___ DATA SHOWN ___
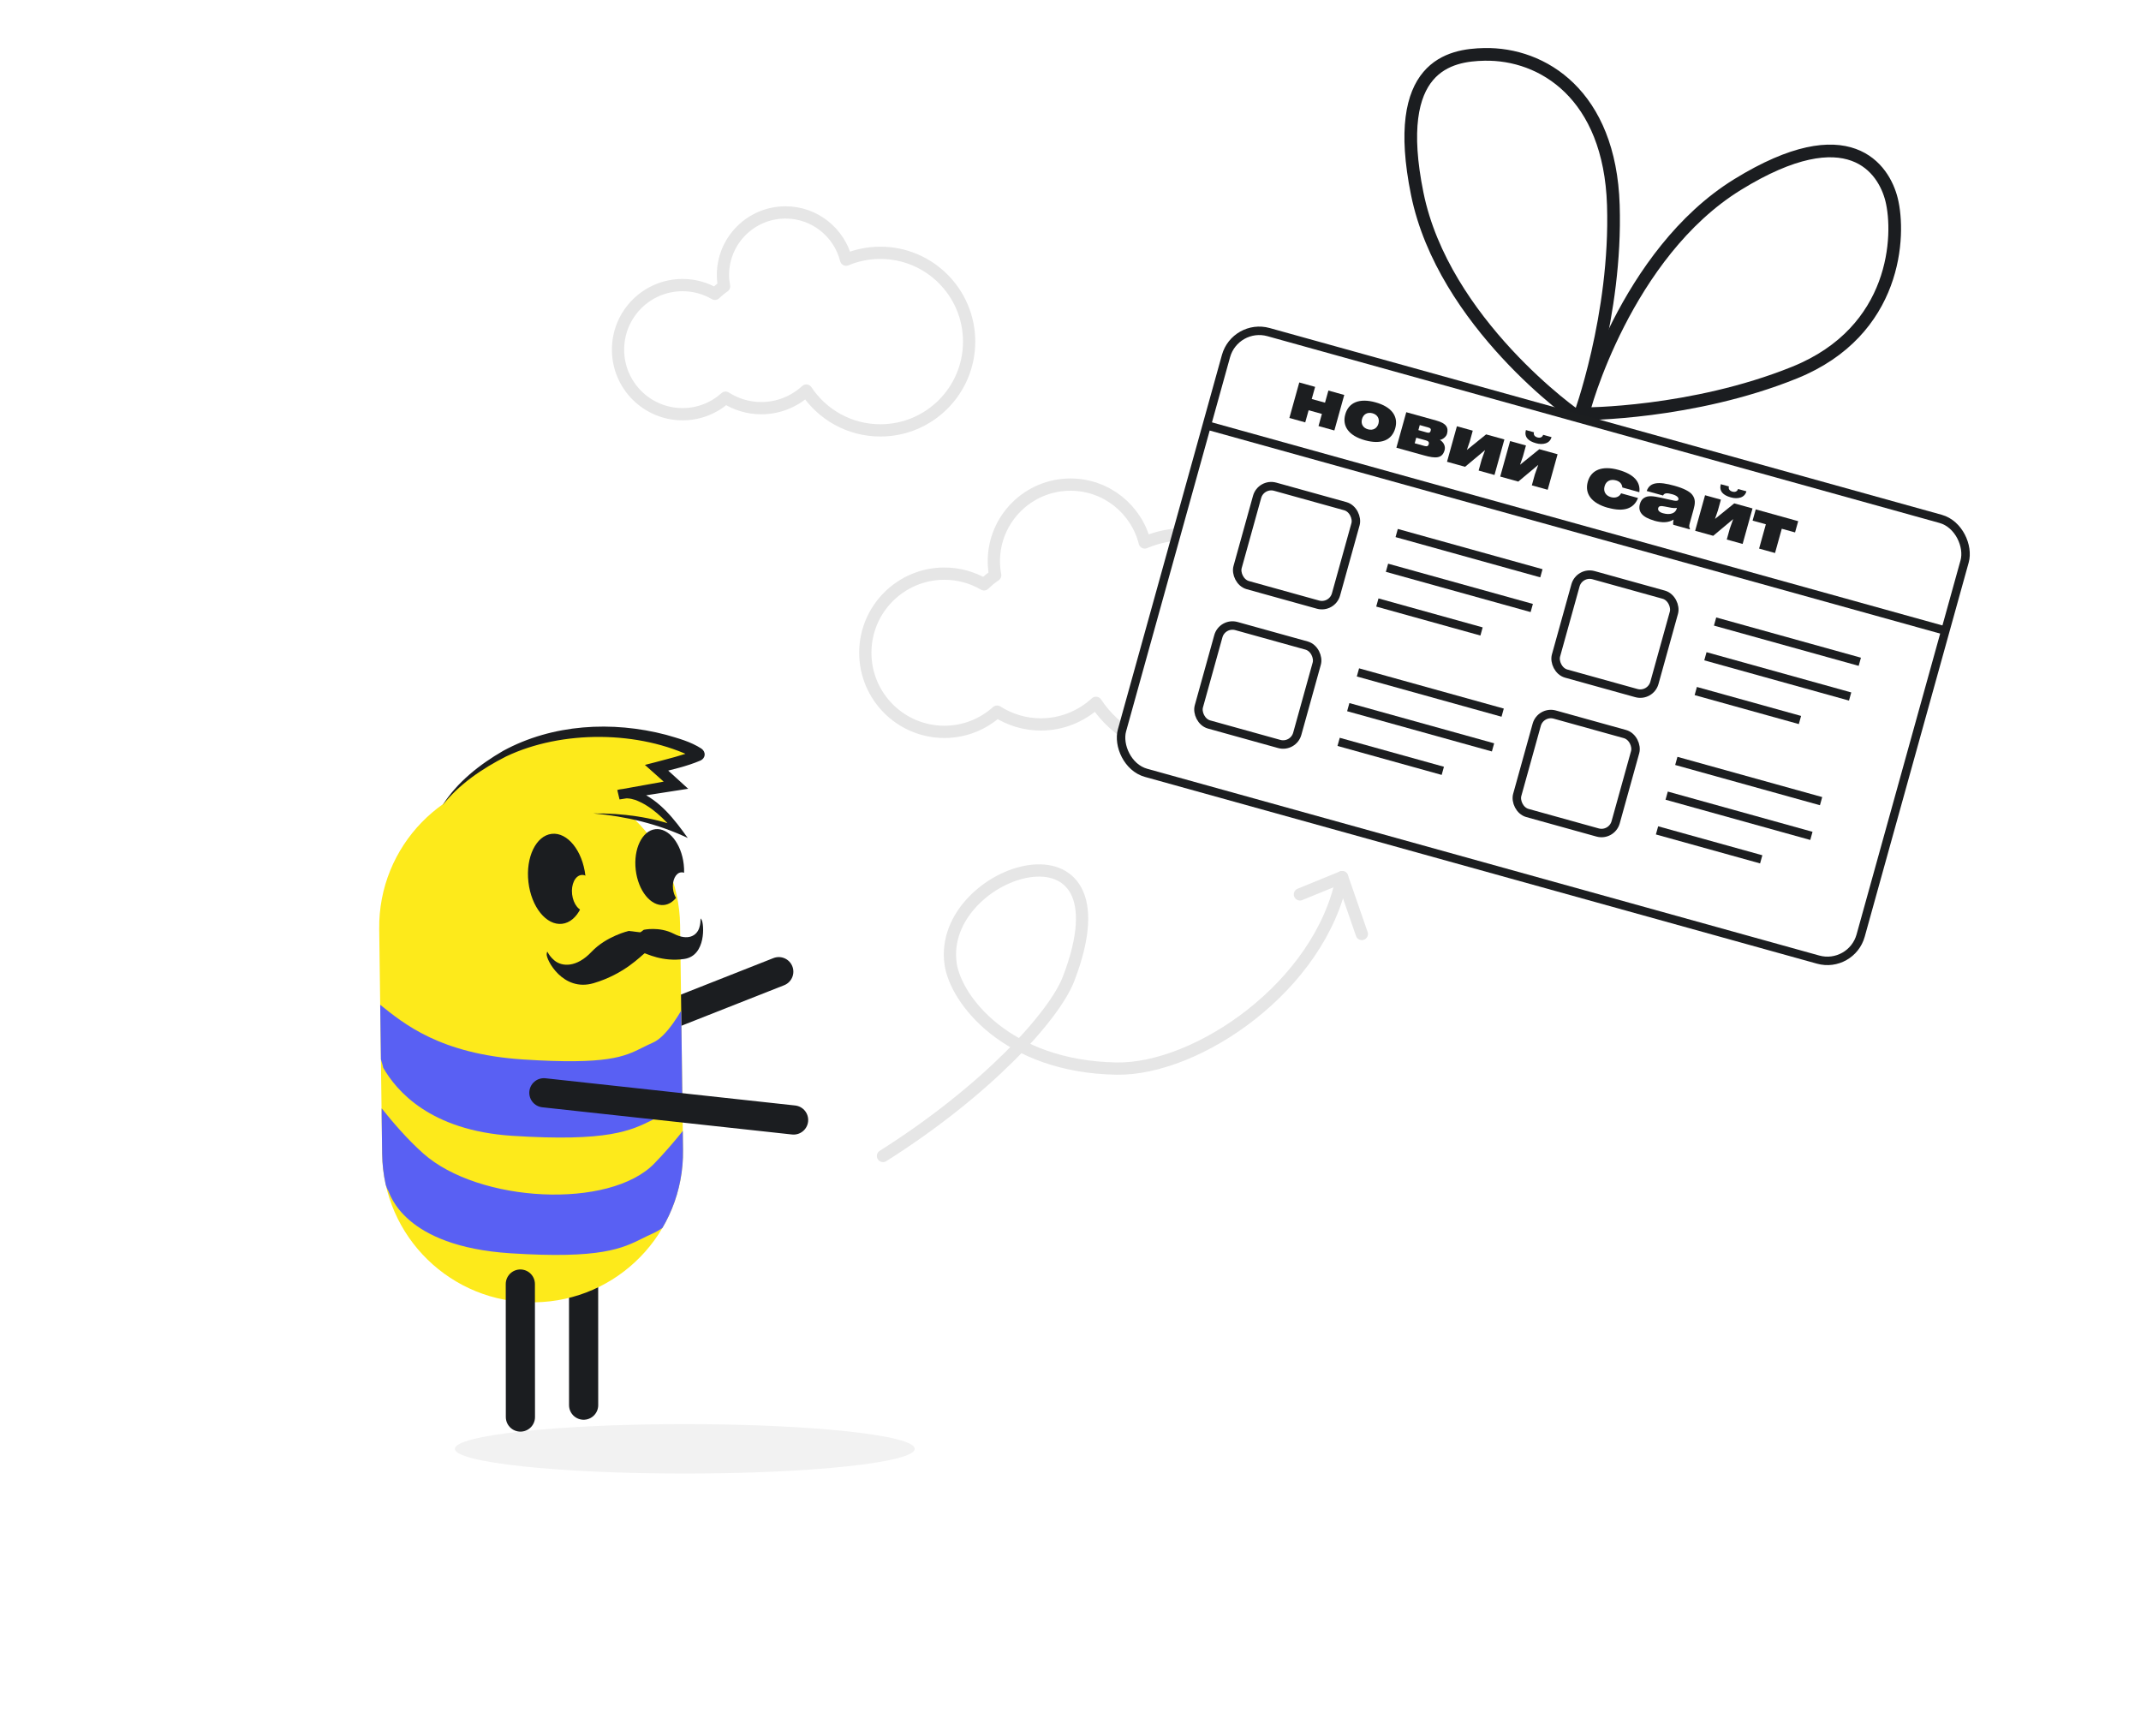 <?xml version="1.0" encoding="UTF-8"?>
<svg id="Layer_1" xmlns="http://www.w3.org/2000/svg" version="1.1" xmlns:xlink="http://www.w3.org/1999/xlink" viewBox="0 0 524 424.77">
  <!-- Generator: Adobe Illustrator 29.4.0, SVG Export Plug-In . SVG Version: 2.1.0 Build 152)  -->
  <defs>
    <style>
      .st0 {
        fill: #5960f3;
      }

      .st1 {
        fill: #1c1e20;
      }

      .st2 {
        fill: #1b1d20;
      }

      .st3, .st4, .st5 {
        fill: #fff;
      }

      .st4, .st5, .st6 {
        stroke-miterlimit: 10;
      }

      .st4, .st6 {
        stroke: #1c1e20;
        stroke-width: 2.07px;
      }

      .st7, .st8, .st9, .st6 {
        fill: none;
      }

      .st10 {
        fill: #f2f2f2;
      }

      .st8 {
        stroke: #e6e6e6;
        stroke-width: 3px;
      }

      .st8, .st9 {
        stroke-linecap: round;
        stroke-linejoin: round;
      }

      .st5 {
        stroke-width: 3.1px;
      }

      .st5, .st9 {
        stroke: #1b1d20;
      }

      .st9 {
        stroke-width: 7.14px;
      }

      .st11 {
        fill: #fdea1b;
      }

      .st12 {
        clip-path: url(#clippath);
      }
    </style>
    <clipPath id="clippath">
      <path class="st7" d="M167.17,281.42l-.72-54.99c-.26-20.34-16.97-36.61-37.3-36.34h0c-20.34.26-36.61,16.97-36.34,37.3l.72,54.99c.26,20.34,16.97,36.61,37.3,36.34h0c20.34-.26,36.61-16.97,36.34-37.3Z"/>
    </clipPath>
  </defs>
  <rect class="st3" width="524" height="424.77"/>
  <ellipse class="st10" cx="167.61" cy="354.58" rx="56.27" ry="6.05"/>
  <g>
    <path class="st8" d="M328.48,214.67c-5.28,26.68-35.44,47.2-55.24,46.85-26.91-.48-39.32-16.9-40.58-25.62-3.36-23.36,45.03-38.36,28.86,3.68-3.48,9.04-19.95,27.23-45.41,43.33"/>
    <polyline class="st8" points="333.3 228.58 328.48 214.67 318.15 218.89"/>
  </g>
  <path class="st8" d="M290.44,130.7c-3.64,0-7.11.73-10.27,2.06-2.05-8.13-9.4-14.16-18.17-14.16-10.36,0-18.76,8.4-18.76,18.76,0,1.17.12,2.31.33,3.42-.98.66-1.88,1.41-2.73,2.23-2.85-1.66-6.16-2.62-9.7-2.62-10.69,0-19.36,8.67-19.36,19.36s8.67,19.36,19.36,19.36c4.96,0,9.47-1.88,12.89-4.95,3.1,1.97,6.76,3.13,10.7,3.13,5.21,0,9.94-2.01,13.5-5.28,4.77,7.19,12.93,11.94,22.2,11.94,14.7,0,26.62-11.92,26.62-26.62s-11.92-26.62-26.62-26.62Z"/>
  <g>
    <line class="st9" x1="145.29" y1="255.67" x2="190.6" y2="237.8"/>
    <g>
      <line class="st9" x1="142.83" y1="311.34" x2="142.84" y2="343.89"/>
      <path class="st11" d="M167.17,281.42l-.72-54.99c-.26-20.34-16.97-36.61-37.3-36.34h0c-20.34.26-36.61,16.97-36.34,37.3l.72,54.99c.26,20.34,16.97,36.61,37.3,36.34h0c20.34-.26,36.61-16.97,36.34-37.3Z"/>
      <path class="st2" d="M153.92,227.82s-5.5,1.27-9.15,5.13c-3.64,3.86-7.21,3.68-9.09,2.1-1.88-1.58-1.67-2.89-1.88-1.58s3.95,9.38,11.5,7.14c7.55-2.24,11.52-6.66,12.62-7.43,1.11-.77.36-2.8,2.97-2.41,2.61.39-.5-2.16-.5-2.16l-6.48-.77Z"/>
      <path class="st2" d="M157.54,227.56s3.79-.87,7.34.95c3.55,1.83,5.66.46,6.26-1.44.6-1.9.03-2.87.6-1.9.57.97,1.11,8.72-4.26,9.52-5.37.8-9.31-1.36-10.25-1.59-.94-.23-1.52-.52-2.98.69-1.46,1.21-.4-3.39-.4-3.39l3.69-2.83Z"/>
      <g>
        <path class="st11" d="M145.23,199.08c12.19.38,20.72,4.07,20.72,4.07,0,0-7.96-10.7-14.49-8.67l13.97-2.34-4.7-4.23s9.44-2.36,10.31-3.2c.87-.84-23.44-11.65-46.42-.8-6.73,3.18-13.82,9.2-16.35,13.25"/>
        <path class="st2" d="M145.23,199.08c7.14-.09,14.3.89,21.04,3.33,0,0-.96,1.22-.96,1.22-2.69-3.16-5.92-6.41-9.86-7.87-1.26-.42-2.53-.51-3.64-.15l-.55-2.31,13.94-2.51-.69,2.35c-1.36-1.21-5.37-4.79-6.67-5.94,0,0,2.54-.65,2.54-.65,3.16-.86,6.63-1.66,9.6-2.88,0,0,.1-.05.1-.05,0,0-.04.02-.04.05.03-.02-.01,0-.12.13-.41.44-.37,1.34.02,1.69-13.46-6.72-32.4-6.86-46.05-.37-5.84,2.96-11.56,6.81-15.63,12.03,3.6-5.71,9.11-10.05,14.92-13.41,12.06-6.55,26.68-7.36,39.83-3.91,3,.87,5.98,1.65,8.66,3.38,1.09.77,1.12,2.26-.23,2.92-3.43,1.47-6.85,2.16-10.39,3.11,0,0,.59-2.38.59-2.38l4.68,4.26,2.11,1.92c-1.62.25-14.84,2.3-16.8,2.61,0,0-.55-2.31-.55-2.31,1.75-.51,3.57-.24,5.09.34,5.33,2.18,8.92,6.87,12.16,11.41-7.22-3.44-15.17-5.32-23.12-6.01h0Z"/>
      </g>
      <g class="st12">
        <path class="st0" d="M93.78,261.29c-.2-1.23-1.01-2.78-.71-3.99.17-.67-.21-2.64-.07-3.32.14-.7-.09-5.74.03-8.09,5.76,4.6,14.66,12.08,35.02,13.4,20.69,1.34,24.79-.71,29.14-2.88.83-.41,1.69-.84,2.66-1.27,3.39-1.49,6.9-7.66,8.43-10.61.39,1.87.26,3.84.11,5.72-.08,1.02.09,5.68.27,8.04.11,1.38.19,8.59.26,9.98-1.73,1.69-4,3.41-6.89,4.68-.75.33-1.47.69-2.22,1.07-5.39,2.69-10.96,5.47-34.49,3.95-20.04-1.3-28.29-11-31.53-16.65Z"/>
        <path class="st0" d="M166.84,295.34c1.24-1.61,1.88-2.88,2.02-3.18l.22-7.64-.43-9.79c.25-.2-3.84,5.2-8.48,9.99-10.95,11.32-43.01,9.67-56.6-2.45-3.9-3.48-7.31-7.46-10.16-11.02,0,0-.02,7.31-.02,9.98-.02,7.7,1.63,10.19,1.63,10.19.45.71,3.65,13.6,29.91,15.3,22.15,1.43,27.39-1.19,32.46-3.72.71-.35,1.38-.69,2.09-1,4.2-1.85,5.65-4.45,7.35-6.66Z"/>
      </g>
      <line class="st9" x1="127.35" y1="314.25" x2="127.37" y2="346.8"/>
      <path class="st2" d="M129.33,215.88c.7,6.08,4.38,10.65,8.23,10.21,3.85-.44,6.41-5.73,5.71-11.81-.7-6.08-4.38-10.65-8.23-10.21-3.85.44-6.41,5.73-5.71,11.81Z"/>
      <path class="st11" d="M140.02,218.86c.28,2.43,1.75,4.26,3.29,4.08,1.54-.18,2.56-2.29,2.28-4.72-.28-2.43-1.75-4.26-3.29-4.08-1.54.18-2.56,2.29-2.28,4.72Z"/>
      <path class="st2" d="M160.4,202.93c3.24-.37,6.35,3.48,6.94,8.6.08.7.11,1.39.09,2.06-.24-.09-.49-.12-.75-.09-1.32.15-2.2,1.97-1.96,4.06.1.84.36,1.6.73,2.19-.8.97-1.79,1.6-2.92,1.73-3.24.37-6.35-3.48-6.94-8.6-.59-5.12,1.57-9.58,4.81-9.95Z"/>
    </g>
    <line class="st9" x1="133.11" y1="267.44" x2="194.23" y2="274.1"/>
  </g>
  <path class="st8" d="M215.46,61.87c-2.97,0-5.8.6-8.38,1.68-1.68-6.64-7.67-11.56-14.83-11.56-8.45,0-15.31,6.85-15.31,15.31,0,.95.1,1.88.27,2.79-.8.54-1.54,1.15-2.23,1.82-2.33-1.35-5.03-2.14-7.92-2.14-8.73,0-15.8,7.07-15.8,15.8s7.07,15.8,15.8,15.8c4.05,0,7.73-1.53,10.52-4.04,2.53,1.61,5.52,2.56,8.74,2.56,4.25,0,8.11-1.64,11.02-4.31,3.89,5.87,10.55,9.75,18.12,9.75,12,0,21.73-9.73,21.73-21.73s-9.73-21.73-21.73-21.73Z"/>
  <g>
    <path class="st5" d="M387.49,101.26c-.04-.83,10.43-39.24,37.78-56.1,27.35-16.86,35.83-3.74,37.68,3.68,2.16,8.63,1.38,32.19-23.73,42.34-25.11,10.15-51.74,10.09-51.74,10.09Z"/>
    <path class="st5" d="M386.48,102.23c-.79-.25-33.23-23.32-39.62-54.82-6.39-31.49,8.07-33.93,16.45-34.1,14.22-.28,30.69,9.81,31.55,36.88.86,27.07-8.38,52.04-8.38,52.04Z"/>
    <g>
      <rect class="st4" x="283.89" y="102.11" width="187.63" height="111.95" rx="8.45" ry="8.45" transform="translate(56.13 -95.38) rotate(15.53)"/>
      <line class="st6" x1="296.1" y1="104.3" x2="476.87" y2="154.55"/>
      <g>
        <rect class="st6" x="304.81" y="121.06" width="25" height="25" rx="3.59" ry="3.59" transform="translate(47.36 -80.1) rotate(15.53)"/>
        <line class="st6" x1="341.83" y1="130.45" x2="377.25" y2="140.3"/>
        <line class="st6" x1="339.46" y1="138.95" x2="374.89" y2="148.8"/>
        <line class="st6" x1="337.1" y1="147.45" x2="362.6" y2="154.54"/>
      </g>
      <g>
        <rect class="st6" x="295.32" y="155.16" width="25" height="25" rx="3.59" ry="3.59" transform="translate(56.15 -76.31) rotate(15.53)"/>
        <line class="st6" x1="332.35" y1="164.56" x2="367.77" y2="174.41"/>
        <line class="st6" x1="329.98" y1="173.06" x2="365.41" y2="182.91"/>
        <line class="st6" x1="327.62" y1="181.56" x2="353.12" y2="188.65"/>
      </g>
      <g>
        <rect class="st6" x="382.73" y="142.72" width="25" height="25" rx="3.59" ry="3.59" transform="translate(56.01 -100.18) rotate(15.53)"/>
        <line class="st6" x1="419.76" y1="152.11" x2="455.18" y2="161.96"/>
        <line class="st6" x1="417.39" y1="160.61" x2="452.81" y2="170.46"/>
        <line class="st6" x1="415.03" y1="169.12" x2="440.53" y2="176.21"/>
      </g>
      <g>
        <rect class="st6" x="373.25" y="176.83" width="25" height="25" rx="3.59" ry="3.59" transform="translate(64.79 -96.39) rotate(15.53)"/>
        <line class="st6" x1="410.27" y1="186.22" x2="445.7" y2="196.07"/>
        <line class="st6" x1="407.91" y1="194.72" x2="443.33" y2="204.57"/>
        <line class="st6" x1="405.55" y1="203.22" x2="431.05" y2="210.31"/>
      </g>
    </g>
    <g>
      <path class="st1" d="M317.99,93.6l3.88,1.08-.83,2.97,3.25.9.83-2.97,3.88,1.08-2.42,8.69-3.88-1.08.83-2.97-3.25-.9-.83,2.97-3.88-1.08,2.42-8.69Z"/>
      <path class="st1" d="M336.66,98.47c3.96,1.1,5.63,3.43,4.82,6.34-.81,2.91-3.44,4.04-7.4,2.94s-5.64-3.43-4.83-6.34c.81-2.91,3.45-4.04,7.41-2.94ZM334.81,105.07c1.21.33,2.22-.2,2.56-1.41.33-1.21-.26-2.19-1.46-2.52-1.21-.33-2.22.2-2.56,1.41-.34,1.21.26,2.19,1.46,2.52Z"/>
      <path class="st1" d="M344.17,100.88l7.38,2.05c2.35.65,3.04,1.66,2.6,3.24-.21.77-1.13,1.43-1.76,1.48.99.59,1.42,1.61,1.17,2.52-.58,2.07-2.18,2.08-5.07,1.27l-6.73-1.87,2.42-8.69ZM346.24,108.48l2.38.66c.63.18.92.04,1.06-.44.12-.42-.04-.75-.68-.92l-2.38-.66-.38,1.36ZM347.13,105.26l2.07.58c.6.17.83,0,.95-.4.12-.42,0-.67-.6-.83l-2.07-.58-.34,1.24Z"/>
      <path class="st1" d="M356.57,104.32l3.88,1.08-.74,2.68-.7,2.04,4.71-3.81,4.47,1.24-2.42,8.69-3.88-1.08.74-2.68.83-2.33-4.89,4.09-4.42-1.23,2.42-8.69Z"/>
      <path class="st1" d="M369.59,107.94l3.88,1.08-.74,2.68-.7,2.04,4.71-3.81,4.47,1.24-2.42,8.69-3.88-1.08.74-2.68.83-2.33-4.89,4.09-4.42-1.23,2.42-8.69ZM375.44,105.79c-.17.47.04,1.04.86,1.27.77.21,1.25-.17,1.37-.65l2.06.57c-.21.76-.69,1.27-1.44,1.52-.69.22-1.49.22-2.38-.03-.97-.27-1.67-.65-2.08-1.14-.48-.57-.6-1.27-.37-2.08l1.98.55Z"/>
      <path class="st1" d="M393.54,124.28c-4.04-1.12-5.75-3.46-4.94-6.37.8-2.89,3.49-4.03,7.52-2.91,3.71,1.03,5.43,2.89,5.1,5.46l-4.16-1.16c-.09-.89-.61-1.47-1.55-1.73-1.38-.38-2.45.17-2.8,1.45-.35,1.27.28,2.29,1.56,2.65,1.08.3,2.05-.06,2.49-.94l4.14,1.15c-1.04,2.66-3.51,3.46-7.36,2.38Z"/>
      <path class="st1" d="M404.83,127.4c-2.84-.79-4-2.13-3.48-4.03.18-.65.5-1.14.9-1.43,1.08-.78,2.44-.51,4.34-.11,2.77.57,3.99,1.11,4.19.4.12-.45-.38-.96-1.51-1.27-1.25-.35-1.94-.34-2.24.31l-4.01-1.11c.79-2.18,2.87-2.37,6.79-1.28,2.3.64,3.76,1.4,4.39,2.24.78,1.05.71,2.08.28,3.61l-.93,3.36c-.16.57-.18.95.06,1.27l-.05.19-4.04-1.12c-.06-.4-.02-.82.08-1.26-1.36.8-2.82.8-4.79.25ZM407.54,123.97c-1.06-.2-1.55-.17-1.7.38s.27,1.01,1.18,1.26c1.75.49,3.03,0,3.34-1.1.02-.08.04-.14.05-.22-.9.17-1.8-.12-2.86-.31Z"/>
      <path class="st1" d="M417.3,121.2l3.88,1.08-.74,2.68-.7,2.04,4.71-3.81,4.47,1.24-2.42,8.69-3.88-1.08.74-2.67.83-2.33-4.89,4.09-4.42-1.23,2.42-8.69ZM423.15,119.05c-.17.47.04,1.04.86,1.27.77.21,1.25-.17,1.36-.65l2.06.57c-.21.76-.69,1.27-1.44,1.52-.69.22-1.49.22-2.38-.03-.97-.27-1.67-.65-2.08-1.14-.48-.57-.6-1.27-.37-2.09l1.98.55Z"/>
      <path class="st1" d="M432.19,128.31l-3.25-.9.77-2.75,10.39,2.89-.77,2.75-3.25-.9-1.65,5.94-3.9-1.08,1.65-5.94Z"/>
    </g>
  </g>
</svg>
___
WHAT TO DO: Lines, not occurrences, are what count: report how many lines of the records above include the word "stroke", and nothing else.

OUTPUT OF THE EXERCISE: 10